* [SOURCE MATERIAL]:
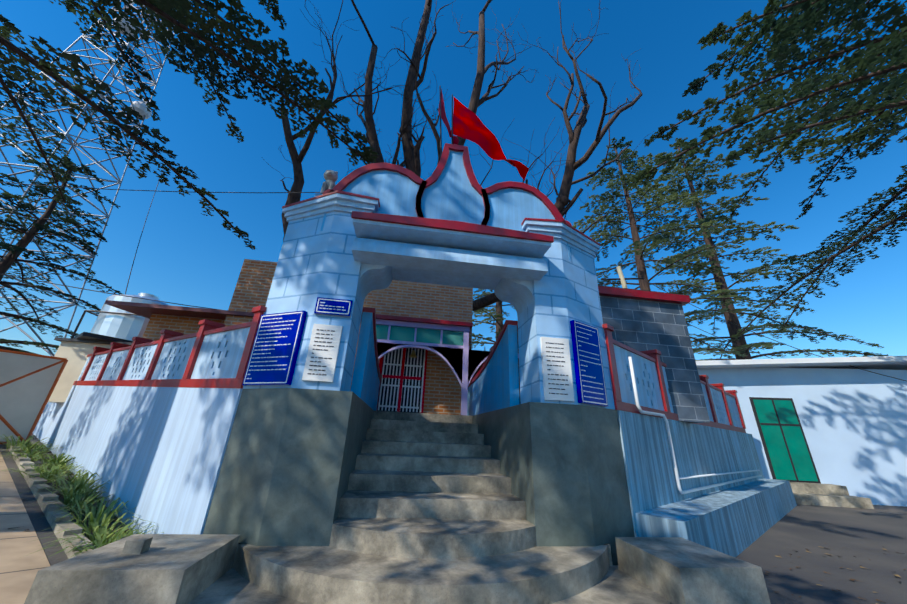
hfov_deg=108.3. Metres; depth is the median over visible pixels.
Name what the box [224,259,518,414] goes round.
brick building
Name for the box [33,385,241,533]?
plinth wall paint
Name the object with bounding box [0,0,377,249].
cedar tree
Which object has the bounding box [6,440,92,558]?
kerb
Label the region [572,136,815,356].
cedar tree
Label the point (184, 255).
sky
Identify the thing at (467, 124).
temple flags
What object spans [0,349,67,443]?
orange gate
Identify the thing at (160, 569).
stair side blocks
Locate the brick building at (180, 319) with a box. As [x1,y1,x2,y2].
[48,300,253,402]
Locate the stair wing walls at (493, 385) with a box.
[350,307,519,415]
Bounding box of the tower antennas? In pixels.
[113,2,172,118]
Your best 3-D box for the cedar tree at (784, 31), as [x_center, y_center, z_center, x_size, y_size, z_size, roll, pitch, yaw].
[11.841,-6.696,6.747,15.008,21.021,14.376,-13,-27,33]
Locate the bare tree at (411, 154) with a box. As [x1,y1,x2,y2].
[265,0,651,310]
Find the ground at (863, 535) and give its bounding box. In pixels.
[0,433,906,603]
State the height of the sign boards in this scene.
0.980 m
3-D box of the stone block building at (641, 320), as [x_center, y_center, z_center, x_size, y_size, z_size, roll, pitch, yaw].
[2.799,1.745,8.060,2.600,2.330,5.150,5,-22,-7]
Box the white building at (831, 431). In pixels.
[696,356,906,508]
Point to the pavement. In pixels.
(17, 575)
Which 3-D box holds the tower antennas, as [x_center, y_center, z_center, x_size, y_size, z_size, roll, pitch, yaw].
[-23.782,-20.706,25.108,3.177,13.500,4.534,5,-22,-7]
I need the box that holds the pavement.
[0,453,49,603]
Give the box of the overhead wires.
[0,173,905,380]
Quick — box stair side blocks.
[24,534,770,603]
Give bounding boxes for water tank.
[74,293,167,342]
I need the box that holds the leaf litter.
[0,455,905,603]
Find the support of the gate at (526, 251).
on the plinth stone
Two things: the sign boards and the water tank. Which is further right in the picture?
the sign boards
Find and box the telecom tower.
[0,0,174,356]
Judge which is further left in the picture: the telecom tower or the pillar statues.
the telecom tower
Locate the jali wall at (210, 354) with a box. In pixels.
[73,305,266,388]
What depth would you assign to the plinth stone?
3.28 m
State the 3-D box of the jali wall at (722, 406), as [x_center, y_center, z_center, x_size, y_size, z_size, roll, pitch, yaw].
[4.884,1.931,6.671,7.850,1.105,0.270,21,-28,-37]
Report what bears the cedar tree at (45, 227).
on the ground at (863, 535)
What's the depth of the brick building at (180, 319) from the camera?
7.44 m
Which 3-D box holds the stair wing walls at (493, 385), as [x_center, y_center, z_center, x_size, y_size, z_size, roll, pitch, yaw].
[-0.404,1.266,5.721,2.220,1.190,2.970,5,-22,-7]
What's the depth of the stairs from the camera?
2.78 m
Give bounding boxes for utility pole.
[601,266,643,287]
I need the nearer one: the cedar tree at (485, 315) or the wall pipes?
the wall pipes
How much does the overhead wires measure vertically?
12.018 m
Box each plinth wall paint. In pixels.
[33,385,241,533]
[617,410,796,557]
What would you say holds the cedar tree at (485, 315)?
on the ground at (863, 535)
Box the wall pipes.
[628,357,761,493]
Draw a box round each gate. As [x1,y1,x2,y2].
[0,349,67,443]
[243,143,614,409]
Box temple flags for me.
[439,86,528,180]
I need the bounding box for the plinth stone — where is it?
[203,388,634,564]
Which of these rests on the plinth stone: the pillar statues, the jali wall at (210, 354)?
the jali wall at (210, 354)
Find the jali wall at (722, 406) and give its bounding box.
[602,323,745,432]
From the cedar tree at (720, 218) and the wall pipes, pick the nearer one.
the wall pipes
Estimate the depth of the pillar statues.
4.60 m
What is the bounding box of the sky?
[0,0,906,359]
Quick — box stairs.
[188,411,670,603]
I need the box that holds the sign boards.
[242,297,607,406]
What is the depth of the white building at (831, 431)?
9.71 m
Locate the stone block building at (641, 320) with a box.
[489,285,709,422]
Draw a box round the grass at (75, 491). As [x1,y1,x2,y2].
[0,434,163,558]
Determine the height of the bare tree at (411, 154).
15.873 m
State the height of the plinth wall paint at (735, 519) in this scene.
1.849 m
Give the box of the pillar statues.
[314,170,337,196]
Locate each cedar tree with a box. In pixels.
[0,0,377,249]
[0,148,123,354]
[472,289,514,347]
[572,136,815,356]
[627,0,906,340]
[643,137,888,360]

* [WHAT NEEDS TO BE DONE]: Set down the material again exactly. Don't carry over any pictures.

* [OUTPUT]:
hfov_deg=108.3. Metres; depth is the median over visible pixels.
Name what the box [224,259,518,414] goes round.
brick building
Name for the box [33,385,241,533]?
plinth wall paint
Name the object with bounding box [0,0,377,249].
cedar tree
Which object has the bounding box [6,440,92,558]?
kerb
Label the region [572,136,815,356].
cedar tree
Label the point (184, 255).
sky
Identify the thing at (467, 124).
temple flags
What object spans [0,349,67,443]?
orange gate
Identify the thing at (160, 569).
stair side blocks
Locate the brick building at (180, 319) with a box. As [x1,y1,x2,y2].
[48,300,253,402]
Locate the stair wing walls at (493, 385) with a box.
[350,307,519,415]
Bounding box of the tower antennas? In pixels.
[113,2,172,118]
Your best 3-D box for the cedar tree at (784, 31), as [x_center, y_center, z_center, x_size, y_size, z_size, roll, pitch, yaw].
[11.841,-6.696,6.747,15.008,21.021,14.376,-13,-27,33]
Locate the bare tree at (411, 154) with a box. As [x1,y1,x2,y2].
[265,0,651,310]
Find the ground at (863, 535) and give its bounding box. In pixels.
[0,433,906,603]
State the height of the sign boards in this scene.
0.980 m
3-D box of the stone block building at (641, 320), as [x_center, y_center, z_center, x_size, y_size, z_size, roll, pitch, yaw].
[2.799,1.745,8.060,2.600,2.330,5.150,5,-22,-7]
Box the white building at (831, 431). In pixels.
[696,356,906,508]
Point to the pavement. In pixels.
(17, 575)
Which 3-D box holds the tower antennas, as [x_center, y_center, z_center, x_size, y_size, z_size, roll, pitch, yaw].
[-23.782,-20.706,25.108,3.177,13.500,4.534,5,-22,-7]
I need the box that holds the pavement.
[0,453,49,603]
Give the box of the overhead wires.
[0,173,905,380]
Quick — box stair side blocks.
[24,534,770,603]
Give bounding boxes for water tank.
[74,293,167,342]
I need the box that holds the leaf litter.
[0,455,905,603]
Find the support of the gate at (526, 251).
on the plinth stone
Two things: the sign boards and the water tank. Which is further right in the picture?
the sign boards
Find and box the telecom tower.
[0,0,174,356]
Judge which is further left in the picture: the telecom tower or the pillar statues.
the telecom tower
Locate the jali wall at (210, 354) with a box. In pixels.
[73,305,266,388]
What depth would you assign to the plinth stone?
3.28 m
State the 3-D box of the jali wall at (722, 406), as [x_center, y_center, z_center, x_size, y_size, z_size, roll, pitch, yaw].
[4.884,1.931,6.671,7.850,1.105,0.270,21,-28,-37]
Report what bears the cedar tree at (45, 227).
on the ground at (863, 535)
What's the depth of the brick building at (180, 319) from the camera?
7.44 m
Which 3-D box holds the stair wing walls at (493, 385), as [x_center, y_center, z_center, x_size, y_size, z_size, roll, pitch, yaw].
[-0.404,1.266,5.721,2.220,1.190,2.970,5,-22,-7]
What's the depth of the stairs from the camera?
2.78 m
Give bounding boxes for utility pole.
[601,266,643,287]
I need the nearer one: the cedar tree at (485, 315) or the wall pipes?
the wall pipes
How much does the overhead wires measure vertically?
12.018 m
Box each plinth wall paint. In pixels.
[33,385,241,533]
[617,410,796,557]
What would you say holds the cedar tree at (485, 315)?
on the ground at (863, 535)
Box the wall pipes.
[628,357,761,493]
Draw a box round each gate. As [x1,y1,x2,y2].
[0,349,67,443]
[243,143,614,409]
Box temple flags for me.
[439,86,528,180]
I need the bounding box for the plinth stone — where is it?
[203,388,634,564]
Which of these rests on the plinth stone: the pillar statues, the jali wall at (210, 354)?
the jali wall at (210, 354)
Find the jali wall at (722, 406) and give its bounding box.
[602,323,745,432]
From the cedar tree at (720, 218) and the wall pipes, pick the nearer one.
the wall pipes
Estimate the depth of the pillar statues.
4.60 m
What is the bounding box of the sky?
[0,0,906,359]
Quick — box stairs.
[188,411,670,603]
I need the box that holds the sign boards.
[242,297,607,406]
What is the depth of the white building at (831, 431)?
9.71 m
Locate the stone block building at (641, 320) with a box.
[489,285,709,422]
Draw a box round the grass at (75, 491). As [x1,y1,x2,y2].
[0,434,163,558]
Determine the height of the bare tree at (411, 154).
15.873 m
State the height of the plinth wall paint at (735, 519) in this scene.
1.849 m
Give the box of the pillar statues.
[314,170,337,196]
Locate each cedar tree with a box. In pixels.
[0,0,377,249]
[0,148,123,354]
[472,289,514,347]
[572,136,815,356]
[627,0,906,340]
[643,137,888,360]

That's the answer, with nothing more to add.